We coded the 7,310 conditional subordinate clauses for the following variables:
- Type of conditional: V1 vs. syndetic
- Integration into the main clause: integrated, resumptive, non-integrated
- Epistemic modal: present vs. absent
- Tense: non-past vs. past
- Subject animacy: human, concrete, abstract, rest
- Year: the year of attestation

We show the differences between the two types of conditionals with traditional logistic regression as well as with semantic vectors and multidimensional scaling. The first analysis consists of a generalized linear model with a logit link function. The dependent variable is the type of conditional, which is regressed on integration, epistemic modal, tense and subject animacy. Each of these variables is brought in interaction with the year of attestation.

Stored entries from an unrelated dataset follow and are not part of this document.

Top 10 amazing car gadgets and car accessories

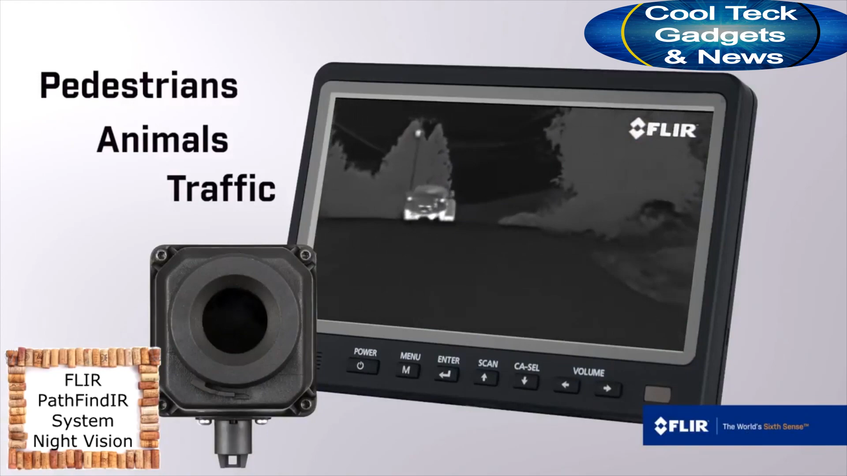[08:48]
Thermal imaging detects heat instead of visible light.
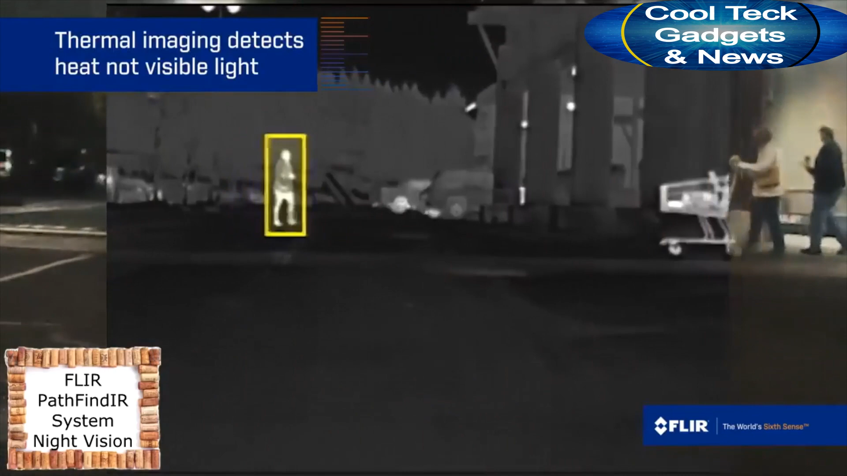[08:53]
Warm objects appear white against cool backgrounds.
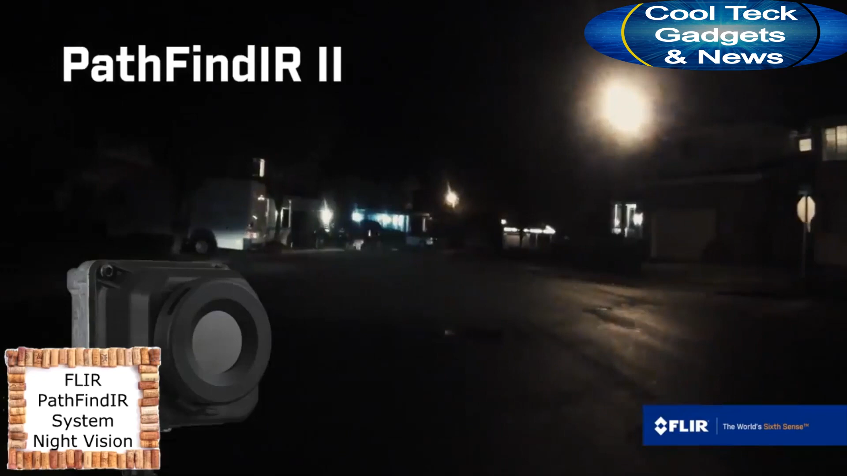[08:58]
And now, Pathfinder 2 is the first night vision system equipped with pedestrian and animal detection.
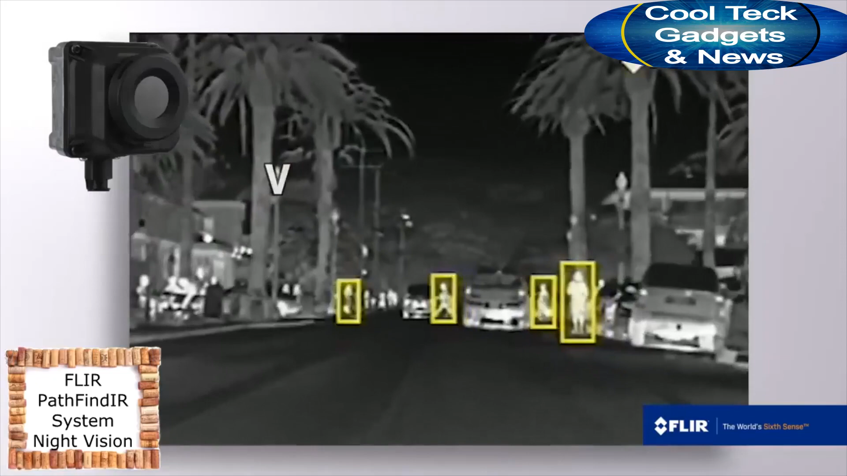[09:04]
Using state-of-the-art video analytics, Pathfinder 2 tracks the movement of people and animals, making them easier to see out of the corner of your eye.
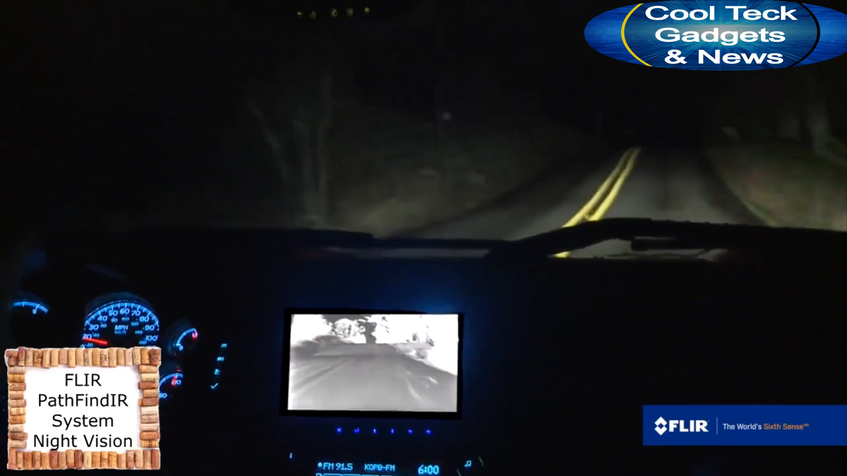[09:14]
Pathfinder 2 extends your view well beyond your headlights and on either side of the road.
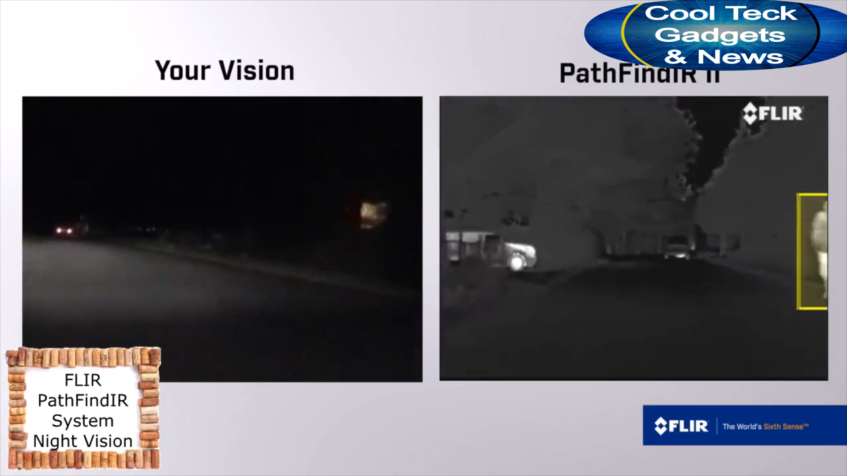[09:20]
Pathfinder 2 is unaffected by the glare of oncoming headlights, which can improve visibility and reduce eye strain.
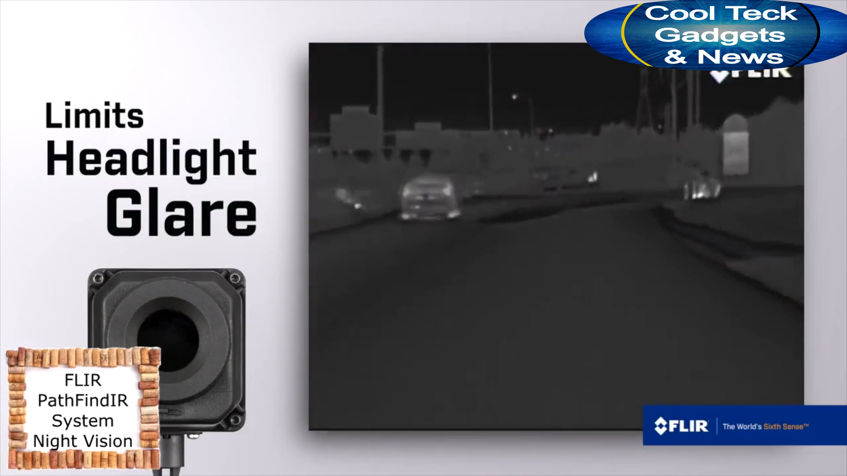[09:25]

For the second analysis, we carried out two collexeme analyses (Stefanowitsch & Gries 2003) on the two types of conditionals, using the log-likelihood metric for ranking the collexemes. We ran two separate collexeme analyses, allowing us to see both the differences in the verbs that are attracted to the two constructions and the extent of overlap in the two constructions. Subsequently, we made a two-dimensional multidimensional scaling of the semantic vectors (Mandera, Keuleers & Brysbaert 2017) of the top-100 collexemes for the two conditional constructions, and then looked for clustering of the type of conditional, the frequency of the verb (Keuleers, Brysbaert & New 2010), and the concreteness of the verb (Brysbaert et al. 2014).

We find that V1 conditionals exhibit reduced integration, a preference for epistemic modals, lower animacy in subjects, and a preference for abstract and infrequent verbs. These properties, which serve as indicators of their semantics, suggest refunctionalization to convey tentative or counterfactual meanings. Language users, driven by a tendency to avoid similarity, tend to notice subtle distinctions that likely stem from historical distributional differences. As the new variant (syndetic conditional) establishes itself in prototypical contexts, the displaced variant (V1 conditional) becomes associated with a specialized niche.